10x said: - This is a very good thread. - I have a 1943 long Branch with a mis-matched bolt. I took it in to have it checked. they headspaced it, re-crowned the muzzle and slugged the bore. They said they had seen bores from .307 to .317. Mine came out at .319! snip Sounds like the perfect rifle to shoot cast bullets designed for the 8x57....

sc*anna54 said: I always advise to use 30 cals, hunting, survivor, military applications and target. 303,30.06, 7.62x51,7.62x54,7.7 jap,7.62 russian short. You can shoot a lot of collectables in those 30 cal/roughly 30 cals that have some interchangeability. Probably a couple others out there as well. It will save you a lot of $ too! Are you talking about bullets or rounds? Thanks. ./

b*arhunter said: 10x, you have a thing for cast bullets. Admit it now. No one will give you a hard time about it. You're right though. I have a Lithgow No1 with a .318 bore and the only bullets it will shoot well are cast. I tried some .318 diameter 8mm bullets but they didn't shoot much better than the regular .312 jacketed bullets.

*legs69 said: I wonder what the variances would be if people measured the same bullet several times over several days?

10x said: 10x, you have a thing for cast bullets. Admit it now. No one will give you a hard time about it. You're right though. I have a Lithgow No1 with a .318 bore and the only bullets it will shoot well are cast. I tried some .318 diameter 8mm bullets but they didn't shoot much better than the regular .312 jacketed bullets. I do have a thing for cast bullets. I have gotten cast bullets to shoot accurately out of some guns that will not shoot a jacketed bullet consistently.

sn*per767 said: I may be wrong but here's my take on this bullet dia. thing: the .303 caliber is a european caliber (and japanese) the 0.303 dia. is equal to 7.7 mm exactly ( 7.7mm / 25.4 mm per inch = 0.303 inch exactly or 0.30315 which is close enough for the girls I shoot with) now a .308 bullet has grooves of 0.300 which gives .004 inch of interference between the groove bottoms and lands. now if you apply the same .004 inch all around the .303 caliber you need a .311 bullet. It's as simple as that! 0.300" lands + 2 x .004" for the groove depth = 0.308" bullet 0.303" lands + 2 x .004 for the groove depth = 0.311" bullet I hope everyone knows a bullet diameter is equal to the bottom of the grooves so the rifle bullet can be extruded thru the barrel which permits the powder pressure to build up and deliver maximum muzzle velocity as opposed to a muzzle loader bullet which do not have a lot of interference in the rifled bore. Snippy PS: the big lines of life are driven by simple principles (excuse my french)

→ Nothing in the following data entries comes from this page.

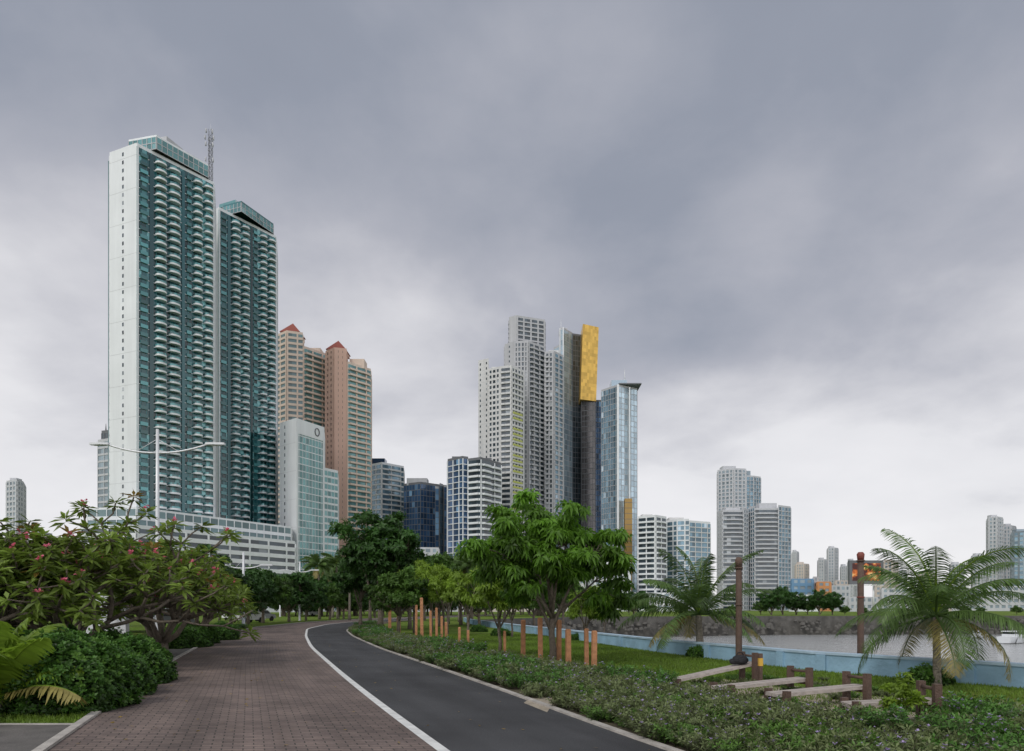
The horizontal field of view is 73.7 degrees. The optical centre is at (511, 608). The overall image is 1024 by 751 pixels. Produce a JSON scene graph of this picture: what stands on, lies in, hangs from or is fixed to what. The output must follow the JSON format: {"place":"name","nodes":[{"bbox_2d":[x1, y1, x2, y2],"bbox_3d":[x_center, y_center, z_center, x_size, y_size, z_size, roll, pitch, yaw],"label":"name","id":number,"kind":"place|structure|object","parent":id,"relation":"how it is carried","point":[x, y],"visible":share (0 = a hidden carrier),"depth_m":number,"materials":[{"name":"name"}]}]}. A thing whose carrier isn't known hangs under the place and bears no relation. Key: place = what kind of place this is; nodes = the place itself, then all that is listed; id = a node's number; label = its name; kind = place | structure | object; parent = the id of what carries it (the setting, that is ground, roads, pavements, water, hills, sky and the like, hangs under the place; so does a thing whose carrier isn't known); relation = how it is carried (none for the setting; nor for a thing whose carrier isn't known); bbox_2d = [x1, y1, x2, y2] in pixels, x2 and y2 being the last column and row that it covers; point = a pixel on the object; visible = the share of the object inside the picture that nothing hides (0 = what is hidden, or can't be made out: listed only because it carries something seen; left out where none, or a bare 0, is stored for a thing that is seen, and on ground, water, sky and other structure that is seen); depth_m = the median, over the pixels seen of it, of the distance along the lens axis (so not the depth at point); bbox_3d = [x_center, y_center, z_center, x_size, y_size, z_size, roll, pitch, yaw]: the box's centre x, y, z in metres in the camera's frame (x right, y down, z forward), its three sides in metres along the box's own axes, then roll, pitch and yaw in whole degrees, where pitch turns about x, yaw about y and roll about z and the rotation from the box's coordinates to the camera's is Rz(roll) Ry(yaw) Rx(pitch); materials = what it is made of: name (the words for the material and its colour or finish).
{"place":"outdoors","nodes":[
{"label":"outdoors","id":0,"kind":"place"},
{"bbox_2d":[0,723,72,750],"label":"side pavement","id":1,"kind":"structure","parent":0,"point":[22,736],"depth_m":9.15,"materials":[{"name":"concrete"}]},
{"bbox_2d":[97,426,107,507],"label":"grey glass tower","id":2,"kind":"structure","parent":0,"point":[102,476],"depth_m":338.59,"materials":[{"name":"concrete"}]},
{"bbox_2d":[169,648,190,657],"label":"side plaza","id":3,"kind":"structure","parent":0,"point":[175,652],"depth_m":26.81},
{"bbox_2d":[86,592,128,633],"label":"garden wall","id":4,"kind":"structure","parent":3,"relation":"on","point":[125,628],"depth_m":26.00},
{"bbox_2d":[216,200,277,524],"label":"glass residential tower","id":5,"kind":"structure","parent":0,"point":[246,361],"depth_m":342.58,"materials":[{"name":"glass"}]},
{"bbox_2d":[278,324,324,524],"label":"peach residential tower","id":6,"kind":"structure","parent":0,"point":[301,381],"depth_m":398.60,"materials":[{"name":"beige concrete"}]},
{"bbox_2d":[325,341,371,610],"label":"peach residential tower","id":7,"kind":"structure","parent":0,"point":[348,421],"depth_m":398.51,"materials":[{"name":"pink concrete"}]},
{"bbox_2d":[372,458,404,610],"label":"blue apartment building","id":8,"kind":"structure","parent":0,"point":[388,481],"depth_m":449.50,"materials":[{"name":"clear glass"}]},
{"bbox_2d":[453,556,478,625],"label":"tree","id":9,"kind":"object","parent":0,"point":[464,565],"visible":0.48,"depth_m":65.79,"materials":[{"name":"green plant"}]},
{"bbox_2d":[447,456,501,557],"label":"striped apartment tower","id":10,"kind":"structure","parent":0,"point":[474,487],"depth_m":379.11,"materials":[{"name":"white concrete"}]},
{"bbox_2d":[307,615,665,750],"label":"cycle path","id":11,"kind":"structure","parent":0,"point":[442,707],"depth_m":11.52,"materials":[{"name":"asphalt"}]},
{"bbox_2d":[305,616,452,750],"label":"painted line","id":12,"kind":"object","parent":11,"relation":"on","point":[430,741],"visible":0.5,"depth_m":11.25,"materials":[{"name":"white paint"}]},
{"bbox_2d":[478,358,523,532],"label":"white apartment tower","id":13,"kind":"structure","parent":0,"point":[501,414],"depth_m":414.21,"materials":[{"name":"grey concrete"}]},
{"bbox_2d":[0,611,1023,722],"bbox_3d":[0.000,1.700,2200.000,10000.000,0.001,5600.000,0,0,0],"label":"ground","id":14,"kind":"structure","parent":0,"point":[135,627],"depth_m":96.39,"materials":[{"name":"green plant"}]},
{"bbox_2d":[6,478,25,533],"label":"distant highrise","id":15,"kind":"structure","parent":14,"relation":"on","point":[15,497],"depth_m":523.41,"materials":[{"name":"white concrete"}]},
{"bbox_2d":[0,617,88,712],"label":"areca palm","id":16,"kind":"object","parent":14,"relation":"on","point":[27,653],"visible":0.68,"depth_m":10.79,"materials":[{"name":"green plant"}]},
{"bbox_2d":[0,527,107,625],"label":"plumeria tree","id":17,"kind":"object","parent":14,"relation":"on","point":[19,614],"visible":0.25,"depth_m":17.70,"materials":[{"name":"green plant"}]},
{"bbox_2d":[0,626,145,715],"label":"round hedge","id":18,"kind":"object","parent":14,"relation":"on","point":[101,683],"visible":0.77,"depth_m":11.07,"materials":[{"name":"green plant"}]},
{"bbox_2d":[99,636,160,695],"bbox_3d":[-8.019,1.160,13.625,1.743,1.245,2.244,0,0,-34],"label":"round hedge","id":19,"kind":"object","parent":14,"relation":"on","point":[146,673],"visible":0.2,"depth_m":13.34,"materials":[{"name":"green plant"}]},
{"bbox_2d":[0,490,261,642],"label":"plumeria tree","id":20,"kind":"object","parent":14,"relation":"on","point":[65,555],"visible":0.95,"depth_m":18.40,"materials":[{"name":"green plant"}]},
{"bbox_2d":[111,631,177,683],"bbox_3d":[-8.657,1.148,15.614,1.894,1.274,1.801,0,0,-17],"label":"round hedge","id":21,"kind":"object","parent":14,"relation":"on","point":[159,659],"visible":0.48,"depth_m":15.36,"materials":[{"name":"green plant"}]},
{"bbox_2d":[89,429,224,628],"bbox_3d":[-21.810,-4.665,42.000,8.260,12.729,0.440,0,0,0],"label":"street lamp","id":22,"kind":"object","parent":14,"relation":"on","point":[157,504],"visible":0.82,"depth_m":41.94,"materials":[{"name":"metal"}]},
{"bbox_2d":[108,135,215,516],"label":"glass residential tower","id":23,"kind":"structure","parent":14,"relation":"on","point":[161,287],"depth_m":286.55,"materials":[{"name":"glass"}]},
{"bbox_2d":[204,124,213,180],"bbox_3d":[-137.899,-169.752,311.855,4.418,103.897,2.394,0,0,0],"label":"antenna mast","id":24,"kind":"object","parent":23,"relation":"on","point":[211,161],"visible":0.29,"depth_m":311.27,"materials":[{"name":"metal"}]},
{"bbox_2d":[75,536,255,649],"bbox_3d":[-12.632,-0.444,25.142,6.076,4.504,6.352,0,0,-25],"label":"plumeria tree","id":25,"kind":"object","parent":14,"relation":"on","point":[162,637],"visible":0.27,"depth_m":24.62,"materials":[{"name":"green plant"}]},
{"bbox_2d":[116,535,230,628],"bbox_3d":[-22.953,-1.401,43.953,8.182,6.434,6.774,0,0,9],"label":"avenue tree","id":26,"kind":"object","parent":14,"relation":"on","point":[208,546],"visible":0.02,"depth_m":43.98,"materials":[{"name":"green plant"}]},
{"bbox_2d":[164,624,194,648],"bbox_3d":[-14.282,1.217,28.995,1.576,1.115,1.657,0,0,41],"label":"round hedge","id":27,"kind":"object","parent":14,"relation":"on","point":[183,639],"visible":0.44,"depth_m":28.73,"materials":[{"name":"green plant"}]},
{"bbox_2d":[79,507,296,612],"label":"parking podium","id":28,"kind":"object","parent":14,"relation":"on","point":[265,543],"visible":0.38,"depth_m":292.22,"materials":[{"name":"white concrete"}]},
{"bbox_2d":[129,552,259,627],"bbox_3d":[-15.011,-0.444,31.885,6.076,4.504,6.352,0,0,-16],"label":"plumeria tree","id":29,"kind":"object","parent":14,"relation":"on","point":[208,618],"visible":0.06,"depth_m":32.45,"materials":[{"name":"green plant"}]},
{"bbox_2d":[179,622,213,647],"bbox_3d":[-14.198,1.107,30.024,1.914,1.367,2.463,0,0,0],"label":"round hedge","id":30,"kind":"object","parent":14,"relation":"on","point":[202,636],"visible":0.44,"depth_m":29.73,"materials":[{"name":"green plant"}]},
{"bbox_2d":[186,554,247,610],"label":"avenue tree","id":31,"kind":"object","parent":14,"relation":"on","point":[242,576],"visible":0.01,"depth_m":51.43,"materials":[{"name":"green plant"}]},
{"bbox_2d":[212,620,240,639],"bbox_3d":[-15.755,1.173,37.022,2.190,1.215,1.701,0,0,33],"label":"round hedge","id":32,"kind":"object","parent":14,"relation":"on","point":[228,634],"visible":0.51,"depth_m":36.55,"materials":[{"name":"green plant"}]},
{"bbox_2d":[229,565,267,623],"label":"avenue tree","id":33,"kind":"object","parent":14,"relation":"on","point":[256,588],"visible":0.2,"depth_m":64.94,"materials":[{"name":"green plant"}]},
{"bbox_2d":[229,565,280,624],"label":"avenue tree","id":34,"kind":"object","parent":14,"relation":"on","point":[271,585],"visible":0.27,"depth_m":71.86,"materials":[{"name":"green plant"}]},
{"bbox_2d":[47,615,481,750],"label":"brick footpath","id":35,"kind":"structure","parent":14,"relation":"on","point":[185,706],"depth_m":11.18,"materials":[{"name":"brick"}]},
{"bbox_2d":[32,614,491,750],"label":"footpath kerb","id":36,"kind":"structure","parent":35,"relation":"on","point":[60,736],"depth_m":9.46,"materials":[{"name":"concrete"}]},
{"bbox_2d":[245,565,294,622],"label":"avenue tree","id":37,"kind":"object","parent":14,"relation":"on","point":[285,588],"visible":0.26,"depth_m":78.89,"materials":[{"name":"green plant"}]},
{"bbox_2d":[267,571,317,621],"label":"avenue tree","id":38,"kind":"object","parent":14,"relation":"on","point":[305,594],"visible":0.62,"depth_m":86.01,"materials":[{"name":"green plant"}]},
{"bbox_2d":[284,580,328,620],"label":"avenue tree","id":39,"kind":"object","parent":14,"relation":"on","point":[320,600],"visible":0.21,"depth_m":94.69,"materials":[{"name":"green plant"}]},
{"bbox_2d":[280,418,338,611],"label":"glass hotel","id":40,"kind":"structure","parent":14,"relation":"on","point":[309,497],"depth_m":340.60,"materials":[{"name":"glass"}]},
{"bbox_2d":[298,554,334,619],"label":"tall palm","id":41,"kind":"object","parent":14,"relation":"on","point":[313,561],"visible":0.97,"depth_m":103.97,"materials":[{"name":"green plant"}]},
{"bbox_2d":[319,552,342,618],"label":"tall palm","id":42,"kind":"object","parent":14,"relation":"on","point":[335,560],"visible":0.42,"depth_m":111.68,"materials":[{"name":"green plant"}]},
{"bbox_2d":[319,580,354,619],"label":"avenue tree","id":43,"kind":"object","parent":14,"relation":"on","point":[335,598],"visible":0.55,"depth_m":102.98,"materials":[{"name":"green plant"}]},
{"bbox_2d":[328,557,376,624],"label":"shade tree","id":44,"kind":"object","parent":14,"relation":"on","point":[346,581],"visible":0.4,"depth_m":58.99,"materials":[{"name":"green plant"}]},
{"bbox_2d":[328,508,430,625],"bbox_3d":[-10.013,-2.955,52.058,7.743,9.528,6.754,0,0,-7],"label":"shade tree","id":45,"kind":"object","parent":14,"relation":"on","point":[373,551],"visible":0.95,"depth_m":50.65,"materials":[{"name":"green plant"}]},
{"bbox_2d":[363,564,432,632],"bbox_3d":[-7.272,-0.566,44.086,3.992,4.667,4.587,0,0,41],"label":"shade tree","id":46,"kind":"object","parent":14,"relation":"on","point":[406,594],"visible":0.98,"depth_m":43.39,"materials":[{"name":"green plant"}]},
{"bbox_2d":[394,564,433,632],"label":"young tree","id":47,"kind":"object","parent":14,"relation":"on","point":[423,567],"visible":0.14,"depth_m":46.78,"materials":[{"name":"green plant"}]},
{"bbox_2d":[403,478,443,609],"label":"dark glass office","id":48,"kind":"structure","parent":14,"relation":"on","point":[419,501],"depth_m":428.73,"materials":[{"name":"glass"}]},
{"bbox_2d":[435,483,446,554],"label":"faceted glass office","id":49,"kind":"structure","parent":14,"relation":"on","point":[440,516],"depth_m":420.63,"materials":[{"name":"glass"}]},
{"bbox_2d":[415,564,469,633],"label":"young tree","id":50,"kind":"object","parent":14,"relation":"on","point":[436,586],"visible":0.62,"depth_m":43.67,"materials":[{"name":"green plant"}]},
{"bbox_2d":[428,551,463,626],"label":"shade tree","id":51,"kind":"object","parent":14,"relation":"on","point":[448,562],"visible":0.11,"depth_m":63.00,"materials":[{"name":"green plant"}]},
{"bbox_2d":[265,569,647,616],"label":"distant tree belt","id":52,"kind":"object","parent":14,"relation":"on","point":[353,609],"depth_m":150.12,"materials":[{"name":"green plant"}]},
{"bbox_2d":[439,566,496,639],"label":"young tree","id":53,"kind":"object","parent":14,"relation":"on","point":[456,591],"visible":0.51,"depth_m":33.71,"materials":[{"name":"green plant"}]},
{"bbox_2d":[452,572,493,624],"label":"shade tree","id":54,"kind":"object","parent":14,"relation":"on","point":[479,609],"visible":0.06,"depth_m":61.20,"materials":[{"name":"green plant"}]},
{"bbox_2d":[466,566,545,650],"bbox_3d":[-0.220,-0.057,24.499,3.045,3.718,2.344,0,0,-28],"label":"young tree","id":55,"kind":"object","parent":14,"relation":"on","point":[488,593],"visible":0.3,"depth_m":23.83,"materials":[{"name":"green plant"}]},
{"bbox_2d":[0,633,1023,722],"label":"grass","id":56,"kind":"structure","parent":14,"relation":"on","point":[633,655],"depth_m":19.66,"materials":[{"name":"plant"}]},
{"bbox_2d":[346,615,683,750],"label":"cycle path kerb","id":57,"kind":"structure","parent":14,"relation":"on","point":[624,733],"depth_m":11.14,"materials":[{"name":"concrete"}]},
{"bbox_2d":[538,617,542,659],"bbox_3d":[0.864,1.013,20.861,0.143,1.475,0.143,-1,1,0],"label":"timber post","id":58,"kind":"object","parent":14,"relation":"on","point":[540,636],"visible":0.84,"depth_m":20.79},
{"bbox_2d":[521,580,565,625],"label":"shade tree","id":59,"kind":"object","parent":14,"relation":"on","point":[535,607],"visible":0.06,"depth_m":65.43,"materials":[{"name":"green plant"}]},
{"bbox_2d":[453,488,637,661],"bbox_3d":[0.910,-0.941,20.273,6.105,5.497,4.884,0,0,-34],"label":"ornamental tree","id":60,"kind":"object","parent":14,"relation":"on","point":[513,556],"visible":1,"depth_m":19.50,"materials":[{"name":"green plant"}]},
{"bbox_2d":[556,620,561,660],"bbox_3d":[1.453,1.049,21.146,0.127,1.402,0.127,0,0,-18],"label":"timber post","id":61,"kind":"object","parent":14,"relation":"on","point":[559,638],"visible":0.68,"depth_m":21.09,"materials":[{"name":"wood"}]},
{"bbox_2d":[565,629,570,662],"bbox_3d":[1.653,1.177,20.084,0.138,1.146,0.138,0,-1,-12],"label":"timber post","id":62,"kind":"object","parent":14,"relation":"on","point":[567,644],"visible":0.84,"depth_m":20.02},
{"bbox_2d":[553,582,584,623],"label":"shade tree","id":63,"kind":"object","parent":14,"relation":"on","point":[559,598],"visible":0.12,"depth_m":77.30,"materials":[{"name":"green plant"}]},
{"bbox_2d":[554,324,600,586],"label":"glass tower with gold slab","id":64,"kind":"structure","parent":14,"relation":"on","point":[582,442],"depth_m":499.32,"materials":[{"name":"glass"}]},
{"bbox_2d":[566,584,606,628],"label":"young tree","id":65,"kind":"object","parent":14,"relation":"on","point":[575,610],"visible":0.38,"depth_m":26.76,"materials":[{"name":"green plant"}]},
{"bbox_2d":[591,630,596,665],"bbox_3d":[2.356,1.192,19.580,0.134,1.117,0.134,1,0,-11],"label":"timber post","id":66,"kind":"object","parent":14,"relation":"on","point":[593,647],"visible":0.84,"depth_m":19.52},
{"bbox_2d":[350,620,912,750],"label":"planting bed soil","id":67,"kind":"structure","parent":14,"relation":"on","point":[613,723],"depth_m":11.10,"materials":[{"name":"soil"}]},
{"bbox_2d":[348,620,1023,750],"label":"groundcover shrubs","id":68,"kind":"object","parent":67,"relation":"on","point":[649,704],"visible":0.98,"depth_m":9.48,"materials":[{"name":"green plant"}]},
{"bbox_2d":[524,677,929,722],"bbox_3d":[4.062,1.687,12.117,6.793,0.001,6.782,0,0,-37],"label":"sandy patch","id":69,"kind":"object","parent":67,"relation":"on","point":[546,709],"visible":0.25,"depth_m":12.65,"materials":[{"name":"sand"}]},
{"bbox_2d":[878,672,930,718],"bbox_3d":[5.657,1.349,9.855,0.686,0.906,0.796,0,0,29],"label":"young shrub","id":70,"kind":"object","parent":67,"relation":"on","point":[900,690],"visible":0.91,"depth_m":9.82,"materials":[{"name":"green plant"}]},
{"bbox_2d":[637,514,666,592],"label":"white apartment block","id":71,"kind":"structure","parent":14,"relation":"on","point":[651,538],"depth_m":420.06,"materials":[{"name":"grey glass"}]},
{"bbox_2d":[667,518,710,593],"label":"white apartment block","id":72,"kind":"structure","parent":14,"relation":"on","point":[691,539],"depth_m":440.77,"materials":[{"name":"blue glass"}]},
{"bbox_2d":[685,644,703,657],"bbox_3d":[6.533,1.491,23.676,1.086,0.539,0.751,0,0,0],"label":"clipped hedge","id":73,"kind":"object","parent":14,"relation":"on","point":[695,651],"visible":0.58,"depth_m":23.50,"materials":[{"name":"green plant"}]},
{"bbox_2d":[617,546,772,649],"bbox_3d":[6.415,-0.271,24.355,5.357,4.043,4.955,0,0,-27],"label":"coconut palm","id":74,"kind":"object","parent":14,"relation":"on","point":[697,598],"visible":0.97,"depth_m":24.04,"materials":[{"name":"green plant"}]},
{"bbox_2d":[669,651,757,686],"bbox_3d":[4.407,1.365,15.111,2.157,0.770,0.580,0,0,-15],"label":"sit up bench","id":75,"kind":"object","parent":14,"relation":"on","point":[753,664],"visible":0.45,"depth_m":15.09,"materials":[{"name":"brown wood"}]},
{"bbox_2d":[735,557,742,654],"bbox_3d":[6.844,0.102,20.599,0.238,3.296,0.238,0,0,0],"label":"carved timber pole","id":76,"kind":"object","parent":14,"relation":"on","point":[738,604],"visible":0.82,"depth_m":20.52,"materials":[{"name":"wood"}]},
{"bbox_2d":[463,617,1023,687],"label":"sea wall","id":77,"kind":"structure","parent":14,"relation":"on","point":[989,672],"depth_m":18.50,"materials":[{"name":"blue paint"}]},
{"bbox_2d":[485,616,1023,636],"bbox_3d":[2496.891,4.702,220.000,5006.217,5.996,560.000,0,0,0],"label":"rock revetment","id":78,"kind":"object","parent":14,"relation":"on","point":[650,626],"visible":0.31,"depth_m":153.74,"materials":[{"name":"stone"}]},
{"bbox_2d":[710,665,812,694],"bbox_3d":[4.850,1.455,13.232,2.207,0.590,0.580,0,0,-24],"label":"sit up bench","id":79,"kind":"object","parent":14,"relation":"on","point":[790,680],"visible":0.62,"depth_m":13.34,"materials":[{"name":"brown wood"}]},
{"bbox_2d":[794,562,808,578],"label":"distant highrise","id":80,"kind":"structure","parent":14,"relation":"on","point":[801,570],"depth_m":903.64,"materials":[{"name":"beige concrete"}]},
{"bbox_2d":[790,579,813,594],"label":"lowrise building","id":81,"kind":"structure","parent":14,"relation":"on","point":[805,586],"depth_m":429.48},
{"bbox_2d":[764,671,871,702],"bbox_3d":[5.344,1.445,11.932,1.892,0.610,0.580,0,0,-17],"label":"sit up bench","id":82,"kind":"object","parent":14,"relation":"on","point":[846,687],"visible":0.73,"depth_m":11.90,"materials":[{"name":"brown wood"}]},
{"bbox_2d":[817,558,827,581],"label":"distant highrise","id":83,"kind":"structure","parent":14,"relation":"on","point":[822,569],"depth_m":903.87,"materials":[{"name":"white concrete"}]},
{"bbox_2d":[622,586,1023,614],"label":"distant shore trees","id":84,"kind":"object","parent":14,"relation":"on","point":[778,597],"visible":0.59,"depth_m":175.25,"materials":[{"name":"green plant"}]},
{"bbox_2d":[827,546,838,584],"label":"distant highrise","id":85,"kind":"structure","parent":14,"relation":"on","point":[833,561],"depth_m":953.33,"materials":[{"name":"white concrete"}]},
{"bbox_2d":[856,552,864,653],"bbox_3d":[13.065,-0.181,25.582,0.295,3.861,0.295,0,0,0],"label":"carved timber pole","id":86,"kind":"object","parent":14,"relation":"on","point":[860,560],"visible":0.91,"depth_m":25.49,"materials":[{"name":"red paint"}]},
{"bbox_2d":[848,560,883,607],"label":"led billboard","id":87,"kind":"object","parent":14,"relation":"on","point":[852,571],"visible":0.65,"depth_m":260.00,"materials":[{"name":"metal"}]},
{"bbox_2d":[840,680,942,718],"bbox_3d":[5.655,1.425,10.233,1.272,0.650,0.580,0,0,6],"label":"sit up bench","id":88,"kind":"object","parent":14,"relation":"on","point":[936,689],"visible":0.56,"depth_m":10.13,"materials":[{"name":"brown wood"}]},
{"bbox_2d":[880,588,911,610],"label":"lowrise building","id":89,"kind":"structure","parent":14,"relation":"on","point":[884,593],"depth_m":439.01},
{"bbox_2d":[902,662,955,685],"bbox_3d":[9.299,1.480,15.216,1.144,0.568,0.790,0,0,0],"label":"clipped hedge","id":90,"kind":"object","parent":14,"relation":"on","point":[923,672],"visible":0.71,"depth_m":15.03,"materials":[{"name":"green plant"}]},
{"bbox_2d":[836,528,1023,683],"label":"coconut palm","id":91,"kind":"object","parent":14,"relation":"on","point":[936,599],"visible":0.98,"depth_m":14.66,"materials":[{"name":"green plant"}]},
{"bbox_2d":[986,515,1003,585],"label":"distant highrise","id":92,"kind":"structure","parent":14,"relation":"on","point":[995,531],"depth_m":703.89,"materials":[{"name":"white concrete"}]},
{"bbox_2d":[1004,524,1016,582],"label":"distant highrise","id":93,"kind":"structure","parent":14,"relation":"on","point":[1008,528],"depth_m":722.26,"materials":[{"name":"white concrete"}]},
{"bbox_2d":[1010,529,1023,585],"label":"distant highrise","id":94,"kind":"structure","parent":14,"relation":"on","point":[1016,540],"depth_m":643.61,"materials":[{"name":"blue glass"}]},
{"bbox_2d":[0,0,1023,596],"label":"sky","id":95,"kind":"structure","parent":0,"point":[798,225],"materials":[{"name":"grey"}]},
{"bbox_2d":[504,315,563,549],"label":"grey apartment tower","id":96,"kind":"structure","parent":0,"point":[530,356],"depth_m":451.12,"materials":[{"name":"concrete"}]},
{"bbox_2d":[601,370,641,591],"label":"silver glass skyscraper","id":97,"kind":"structure","parent":0,"point":[618,454],"depth_m":478.29,"materials":[{"name":"grey glass"}]},
{"bbox_2d":[717,508,748,610],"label":"curved apartment tower","id":98,"kind":"structure","parent":0,"point":[732,534],"depth_m":520.00,"materials":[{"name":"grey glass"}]},
{"bbox_2d":[717,466,760,511],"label":"curved apartment tower","id":99,"kind":"structure","parent":0,"point":[740,488],"depth_m":600.71,"materials":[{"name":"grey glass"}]},
{"bbox_2d":[748,503,790,610],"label":"curved apartment tower","id":100,"kind":"structure","parent":0,"point":[770,536],"depth_m":521.00,"materials":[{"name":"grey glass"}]},
{"bbox_2d":[638,616,1023,662],"bbox_3d":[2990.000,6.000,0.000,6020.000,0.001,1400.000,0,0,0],"label":"sea water","id":101,"kind":"structure","parent":0,"point":[844,643],"depth_m":113.65,"materials":[{"name":"grey liquid"}]},
{"bbox_2d":[997,628,1023,642],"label":"motor yacht","id":102,"kind":"object","parent":101,"relation":"on","point":[1012,637],"visible":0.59,"depth_m":116.40,"materials":[{"name":"white plastic"}]},
{"bbox_2d":[832,585,850,610],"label":"lowrise building","id":103,"kind":"structure","parent":0,"point":[844,591],"depth_m":432.78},
{"bbox_2d":[847,597,878,611],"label":"lowrise building","id":104,"kind":"structure","parent":0,"point":[852,602],"depth_m":372.55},
{"bbox_2d":[986,586,1023,610],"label":"lowrise building","id":105,"kind":"structure","parent":0,"point":[997,606],"depth_m":449.51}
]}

*agleye said: I may be wrong but here's my take on this bullet dia. thing: the .303 caliber is a european caliber (and japanese) the 0.303 dia. is equal to 7.7 mm exactly ( 7.7mm / 25.4 mm per inch = 0.303 inch exactly or 0.30315 which is close enough for the girls I shoot with) now a .308 bullet has grooves of 0.300 which gives .004 inch of interference between the groove bottoms and lands. now if you apply the same .004 inch all around the .303 caliber you need a .311 bullet. It's as simple as that! 0.300" lands + 2 x .004" for the groove depth = 0.308" bullet 0.303" lands + 2 x .004 for the groove depth = 0.311" bullet I hope everyone knows a bullet diameter is equal to the bottom of the grooves so the rifle bullet can be extruded thru the barrel which permits the powder pressure to build up and deliver maximum muzzle velocity as opposed to a muzzle loader bullet which do not have a lot of interference in the rifled bore. Snippy The problem with your deduction is that the 303 rifles tend to have a slightly greater groove "depth" than do the 308/30-06, etc. The groove depth is usually from .0045" to .005" making the total groove diameter .312" to .313" I have two P14's in 303 [one is rechambered to the Epps] and they are both very close to .313" groove diameter, while having a true .303 bore diameter. If you buy a North American made aftermarket barrel, they usually have a .311" groove diameter, but the offerings from Europe are seldom that small, but are often much larger. Regards, Eagleye

jm*x857 said: i used to have some cast bullets, they were .314 dia. they shot probably the best of my batches of cast bullets out of my enfield mk.4 , but i never had very satsifying results with cast bullets anyways.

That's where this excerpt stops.